Ultimately, as Dilger states, „ethnology – also in dialogue with other disciplines – must engage in proactive discussions on how our field can shape the inevitable institutionalization of ethical standards and values while simultaneously not regressing from the theoretical and conceptual debates of the past decades.“ (Dilger, 2015).
Example 3: Advantages of Written Informed Consent (Inhorn, 2004)
As audio file, only in German
Source: Commentary on Informed Consent Inhorn, Camilla Heldt, 2023, licensed under CC BY-NC-ND 4.0
As transcript
The 15-year research conducted by Marcia Inhorn on in-vitro fertilization (IVF) in private hospitals in Egypt and Lebanon from the late 1980s to the early 2000s demonstrates how obtaining written informed consent can have a positive impact on research processes and relationships.
During Inhorn’s research, gaining access to the medical-anthropological field proved to be challenging. Hospitals in both countries in the late 1980s were affected by privatization and patronage structures, making ethnographic research nearly impossible without contact with a medical „gatekeeper“. Additionally, IVF and infertility (both male and female) were culturally stigmatized and highly sensitive issues, strictly kept confidential.
For anthropologists, especially given the politically conflict-laden situation in the Middle East, gaining access to this sensitive research field was particularly difficult.
However, Inhorn was able to gain access to private hospitals in Lebanon and Egypt through contacts with medical gatekeepers who informed their patients about the research topic and introduced the researcher to them. For this, she obtained the standardized ethics approval from the Institutional Review Board (IRB).

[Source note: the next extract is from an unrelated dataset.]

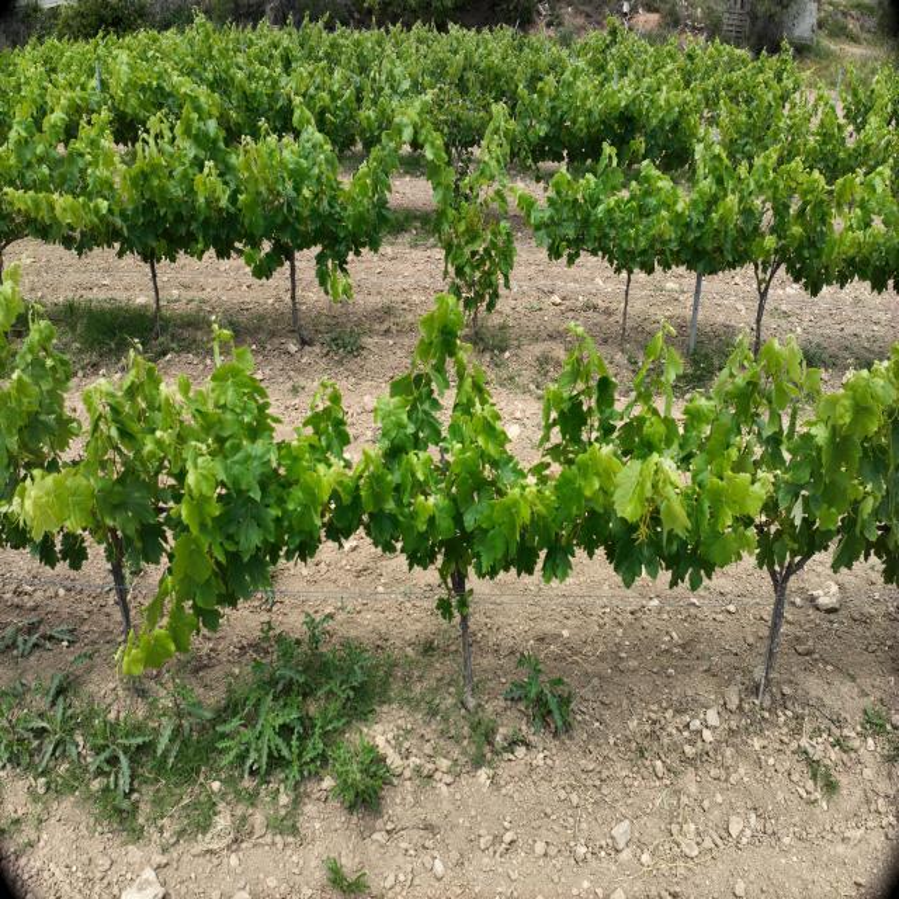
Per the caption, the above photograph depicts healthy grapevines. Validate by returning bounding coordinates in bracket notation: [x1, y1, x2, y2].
[0, 323, 354, 708]
[587, 336, 899, 732]
[336, 313, 597, 712]

This ethics approval proved highly beneficial given the particularly sensitive topic of in-vitro fertilization. The written consent form – which provided information about the research objectives and emphasized the voluntary nature of participation – along with formal signed consent, helped establish trust among the research participants.
Through this formalization process, participants could be certain that their interviews would be conducted with strict confidentiality.

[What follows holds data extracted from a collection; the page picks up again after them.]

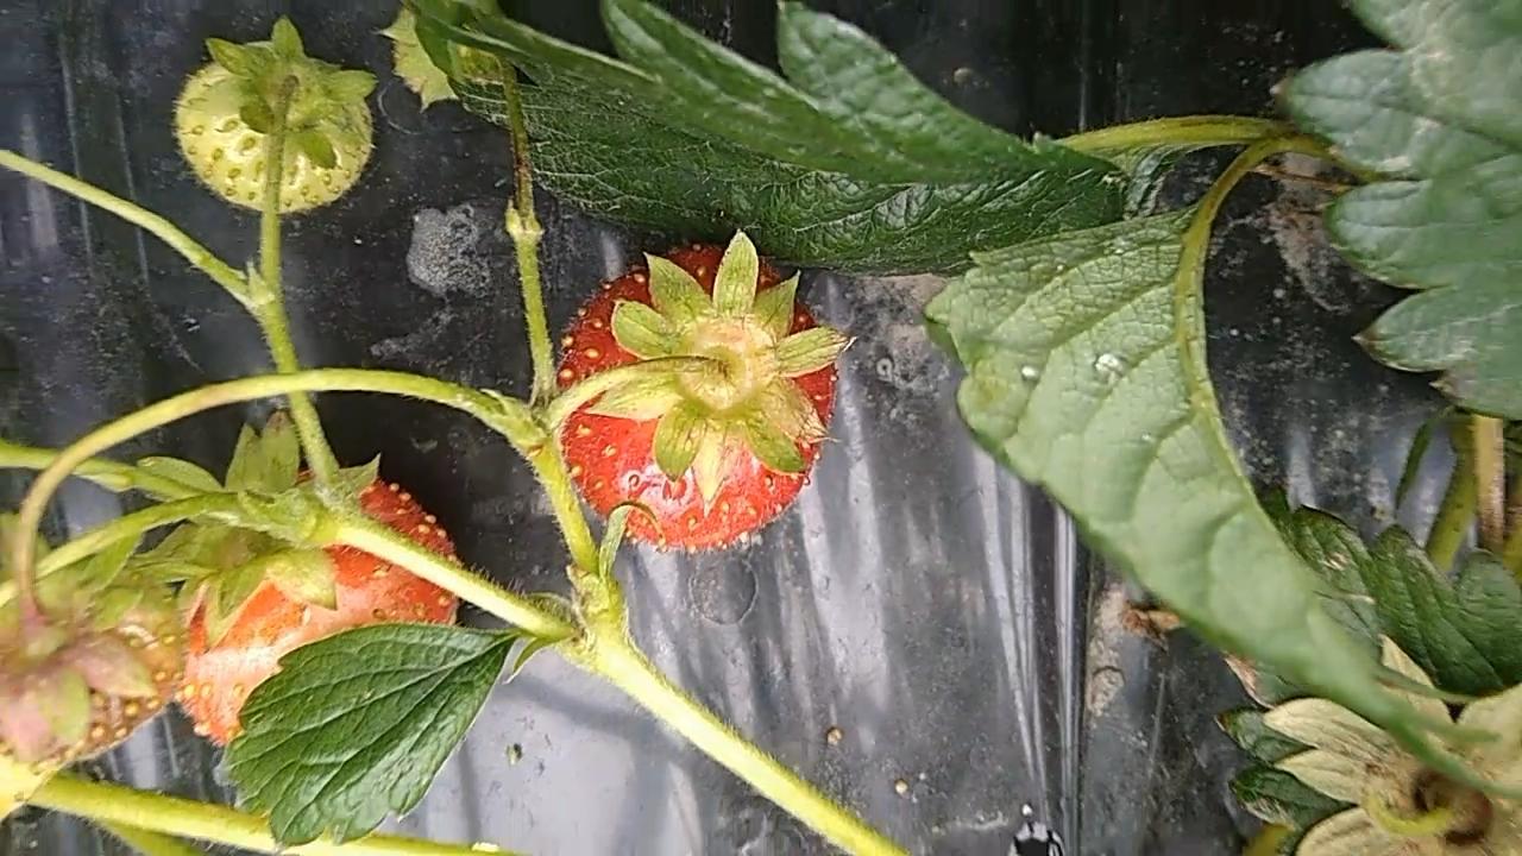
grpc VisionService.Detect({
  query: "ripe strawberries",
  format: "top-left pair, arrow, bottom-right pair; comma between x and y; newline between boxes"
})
544,243 -> 846,562
153,461 -> 475,773
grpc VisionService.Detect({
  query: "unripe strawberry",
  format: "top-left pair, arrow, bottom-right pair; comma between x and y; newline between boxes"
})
157,37 -> 376,222
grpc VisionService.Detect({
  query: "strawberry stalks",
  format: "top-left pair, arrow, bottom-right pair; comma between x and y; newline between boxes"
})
246,65 -> 312,206
534,350 -> 732,438
0,429 -> 308,560

„In my view, the informed consent process was crucial in reassuring women that what they told me would be held in the strictest confidence, and that their names would never be used in any published report … I would argue that the process of written informed consent may actually ´break the ice´ and lead to greater rapport when the topic being discussed is private, sensitive, or illegitimate/illega. (….) Using written informed consent forms to guarantee secrecy has worked to my advantage (….) Indeed, several women in my study commented after our interviews were finished, ´Now I´ve told you all my secrets“ (…) as long as I assure women of that privacy through the written informed consent process, they were more than willing to share their stories of suffering with me (Inhorn, 2004, p. 2099).

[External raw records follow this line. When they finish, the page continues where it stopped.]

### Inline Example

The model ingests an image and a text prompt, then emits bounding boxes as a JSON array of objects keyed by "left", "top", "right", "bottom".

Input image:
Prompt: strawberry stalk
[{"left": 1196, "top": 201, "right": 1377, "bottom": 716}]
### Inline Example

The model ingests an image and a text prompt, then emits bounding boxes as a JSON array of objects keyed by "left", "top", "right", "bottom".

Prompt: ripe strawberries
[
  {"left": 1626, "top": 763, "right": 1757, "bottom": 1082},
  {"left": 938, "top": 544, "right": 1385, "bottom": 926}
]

This example illustrates that obtaining (written) informed consent can, in some cases, be beneficial and relevant to the ethnographic research process. Particularly in subject areas affected by stigmatization, written consent assures participants of the confidential handling of sensitive research data. This can foster trust in researchers and serve as an initial „icebreaker.“
Thus, the written form of informed consent does not necessarily have to be intimidating or discouraging. It is often unavoidable in medical anthropology settings, such as institutional environments like hospitals, where bureaucratic procedures are common.
It becomes evident that researchers must continuously engage with the specific conditions and structures of their research field, as well as the security and comfort of participants, to create an environment where they feel safe and at ease sharing their experiences, perspectives, and stories. In such contexts, written informed consent can be a supportive tool.